We illustrate the concepts we want to introduce with a classic probability exercise called the birthday problem. Suppose you and a friend go to a party where there are 30 people (all unknown to both of you) and your friend wants to bet you that there are two people at that party who share their birthday. Would you be willing to take that bet?

Your willingness to take the bet should be related to the chance of winning the bet. What do you think it is more likely to happen: finding a pair with shared birthdays or having 30 distinct birthdays?

We will answer this question using the language of probability; we will calculate the probability of the event that at least two people share birthdays in a group of 30 people. In the following sections, we will introduce the rules we need for deriving this probability and then show how to estimate them using simulations.

Let’s start with a simpler problem: what is the probability that two people share their birthday. Can you justify the following result?

\[P(\mbox{two random people have the same birthday}) ~=~ \frac{1}{365}\]

Think about the assumptions you implicitly or explicitly made in your justification.

We will show in the next section that, given a number of people, n (with \(2\leq n\leq 365\)), the probability, \(P_n\), that at least two share a birthday is given by:

\[P_n ~=~ 1-\frac{365\times364\times ...\times (365-n+1)}{365^n}\]
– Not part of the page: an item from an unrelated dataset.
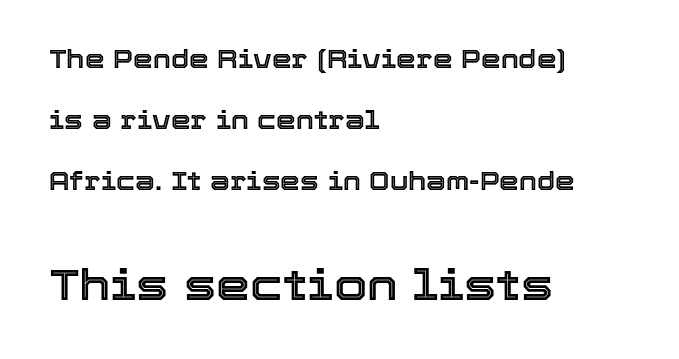
{"italic": "no", "width": "normal", "x_height": "medium", "monospaced": "no", "underline": "no", "align": "left", "line_spacing": "loose", "line_spacing_ratio": 2.45, "letter_spacing": "normal", "letter_spacing_em": 0.0, "larger_block": "second", "size_ratio": 1.72, "glyph_px": 43}

which can also be written as

\[P_n ~=~ 1-\frac{365}{365}\times\frac{364}{365}\times\frac{363}{365}\times ...\times \frac{(365-n+1)}{365}\]
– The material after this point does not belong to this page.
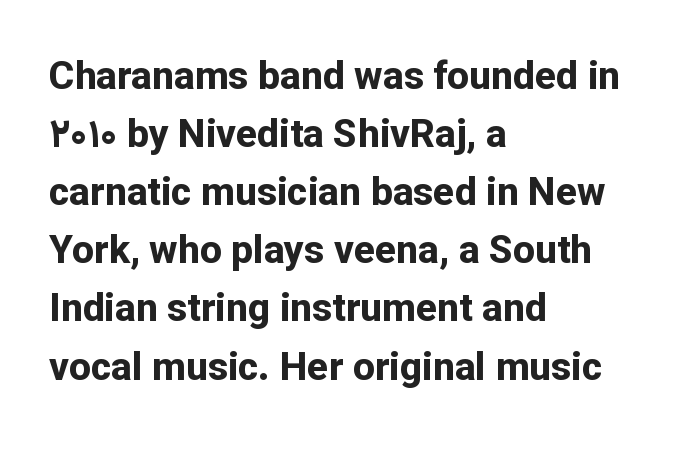
The image shows 39 px bold sans-serif type, upright; set left-aligned, normal line spacing (1.49x), normal letter spacing, not underlined; low stroke contrast and a medium x-height.

The asssumptions used to obtain the above formula for \(P_n\) are:

a. 365 days in a year;

b. All days are equally likely to be a birthday;

c. Subjects’ birthdays are independent of each other (for example, no twins in the room).

The function below calculates these probabilities. Note that, for computational reasons, we implement the second formula for \(P_n\): consider how large \(365^n\) is for n= 30 or 50.

# a function that calculates the probability for 1<n<365
def birthday_prob(n):
    """Calculates the probability that at least 2 people 
       out of n have the same birthday"""
    prob=1
    for i in np.arange(n):
        prob = prob * (365-i)/365
    return round(1-prob,4)

We can use this function to calculate the probability for the above scenario (a group of 30 random people).

birthday_prob(30)
0.7063

The probability is close to 0.7 which means it is more likely your friend wins the bet.

Let’s also look on how these probabilities change with \(n\). We construct below a dataframe that contains these probabilities for \(n\) ranging from 2 to 60.

# Construct a data frame with the probabilities for a range of n's
number_people=np.arange(2,61,1)
b_probs= np.array([]) # an empty array

for i in number_people: 
    b_probs= np.append(b_probs,birthday_prob(i))

Birthday_df=pd.DataFrame(
    {"Number of people":number_people,
     "Probability":b_probs})
Birthday_df.head(7)
Number of people Probability
0 2 0.0027
1 3 0.0082
2 4 0.0164
3 5 0.0271
4 6 0.0405
5 7 0.0562
6 8 0.0743

We construct below a line graph of these probabilities that shows the trend.

Birthday_df.plot.scatter("Number of people","Probability");
../_images/Probability_Intro_8_0.png

Are the above probabilities surprising? Can you provide an intuition for them? Note that the number of people that yields the probability closest to a fair bet is 23.

birthday_prob(23)
0.5073